Which Farm Practices Reduce Emissions & Sequester Carbon?

Content has been adapted from The Context Network “Get Smart, Stay Smart” Ag Carbon Service.

A tractor passes through a wide, flat field filled with yellow flowers.

Justin Buss plants soybean into corn residue and wild mustard using a no-till planter on his farm in Vincennes, Indiana, on May 13, 2021. Photo by Brandon O’Connor and courtesy of Indiana NRCS.

The short answer: All aspects of crop production that involve keeping the soil covered, minimizing disturbance, and agronomic management can help sequester carbon and reduce emissions.

Dig deeper: Specifically, the eight following practices—when carefully applied and tweaked for each farm’s cropping system and climate—present areas to cut greenhouse gas emissions and improve soil carbon sequestration.

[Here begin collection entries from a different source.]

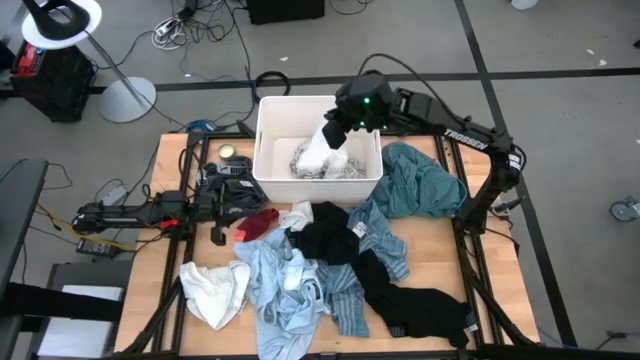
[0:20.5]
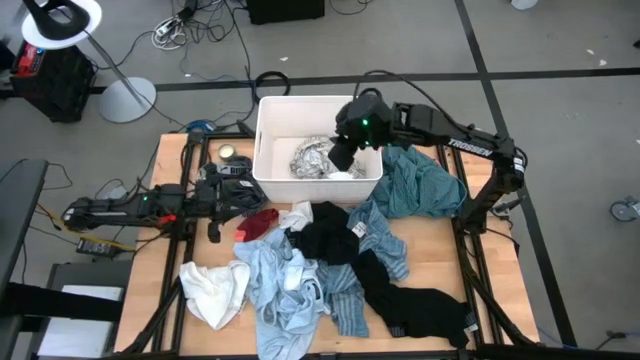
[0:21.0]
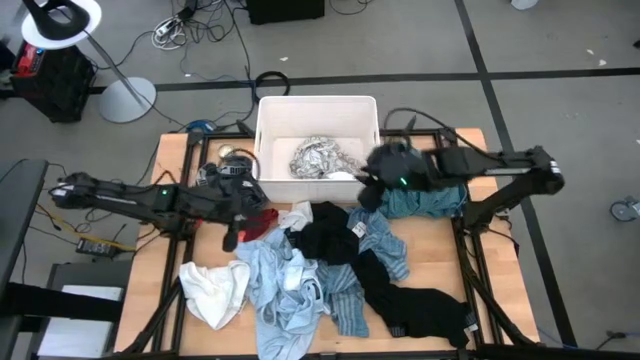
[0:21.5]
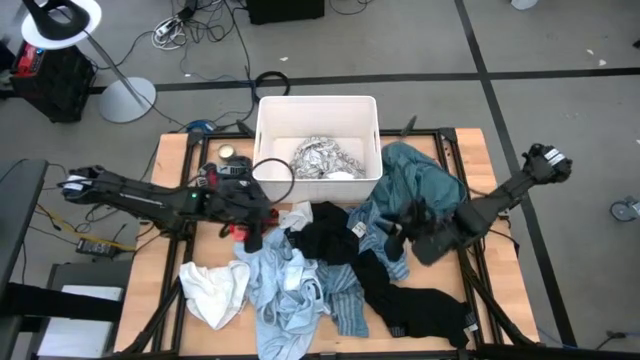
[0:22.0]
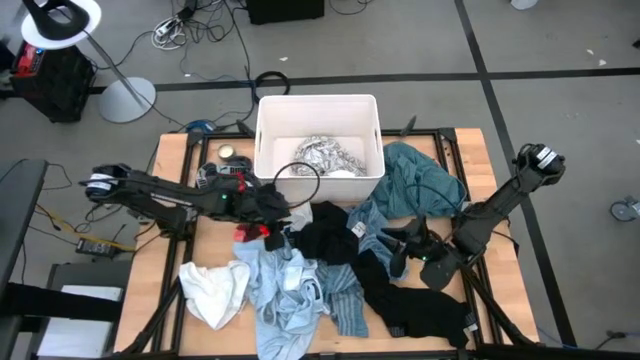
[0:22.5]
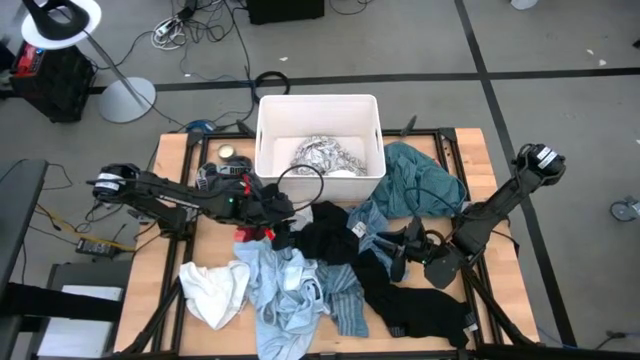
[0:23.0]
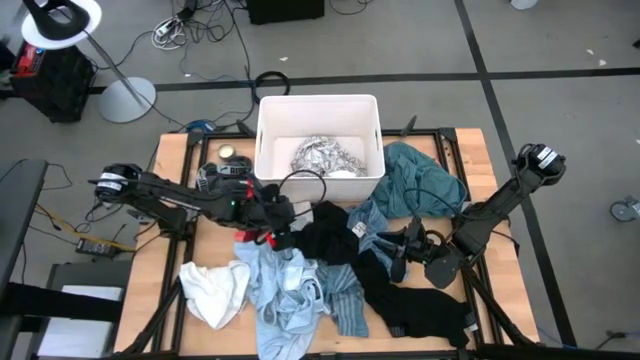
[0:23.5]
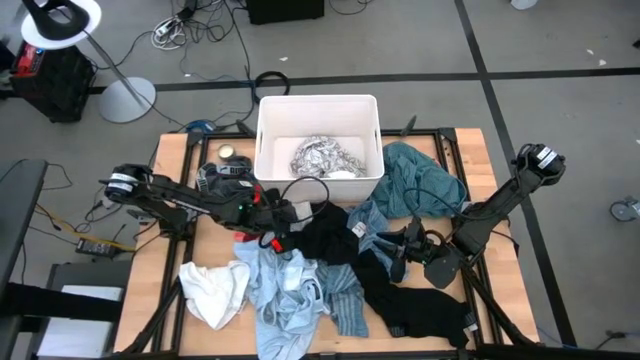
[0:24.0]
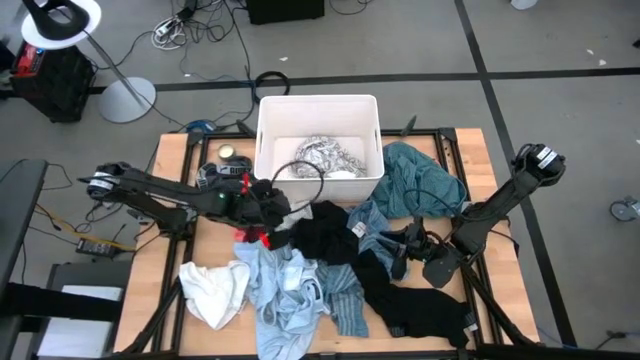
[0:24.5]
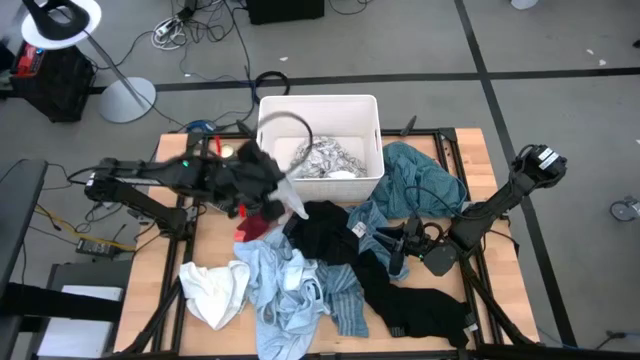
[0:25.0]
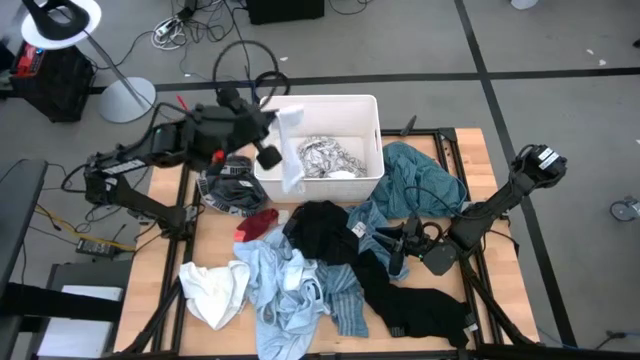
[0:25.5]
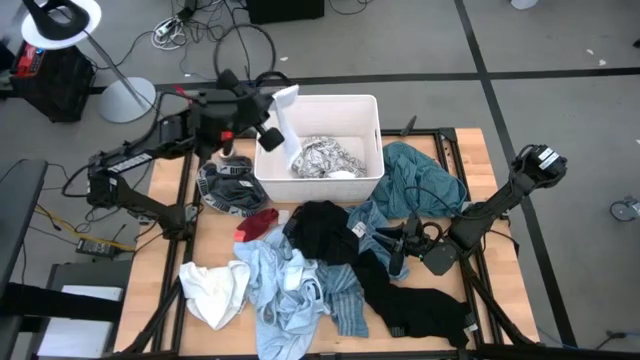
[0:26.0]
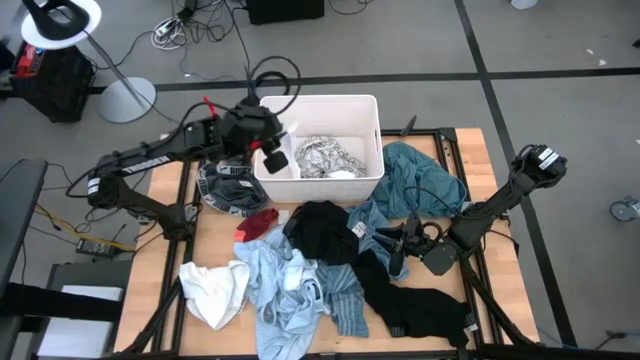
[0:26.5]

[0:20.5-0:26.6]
Put the white sock into the laundry bin

  1. Nutrient management: Changing fertilizer application methods from broadcast to subsurface, reducing rates, and using enhanced efficiency fertilizers. These are all great ways to improve nitrogen use, decrease emissions, and manage carbon sequestration.
  2. Strip cropping: Adding and maintaining strips of perennial cover between rows can help increase soil carbon stocks in the field.
  3. Forage and biomass planting: Converting cropland to continuous grass or legume forage/biomass crops can help sequester carbon and prevent emissions associated with tillage. Plus, there are many grass and legumes cultivars that can be used for pasture, hay, or biomass production.
  4. Cover cropping: Keeping the soil continuously covered in seasons when it might otherwise lay bare is a great means of improving soil quality. Cover crops add root biomass, improving soil quality, sequestering carbon, and providing a nitrogen source to the next season’s crops.
  5. Conservation cover: Perennial vegetation protects the soil from erosion, improves water infiltration, reduces runoff, and builds soil organic matter.
  6. Reduced or no-till: Decreasing tillage causes less disturbance to the soil, leaving carbon sequestered in the topsoil in place.
  7. Perennial grasses: On marginal lands, where cash crops often underperform, a better option might be planting perennial grasses. These grasses reduce soil erosion, restore carbon stocks, provide feedstock for biofuel and bioproducts, and serve as a mitigation strategy to prevent regional climate change.
  8. Technologies: New technology can enable carbon sequestration. Though we can’t get into detail here, see “The Context Network: Global Agriculture Carbon Report” for more information.

No one field—or even one farmer—need apply all of these conservation strategies. Instead, using the strategy that solves problems facing each field, each cropping system, and each farm is a better method for improving soil carbon and reducing emissions.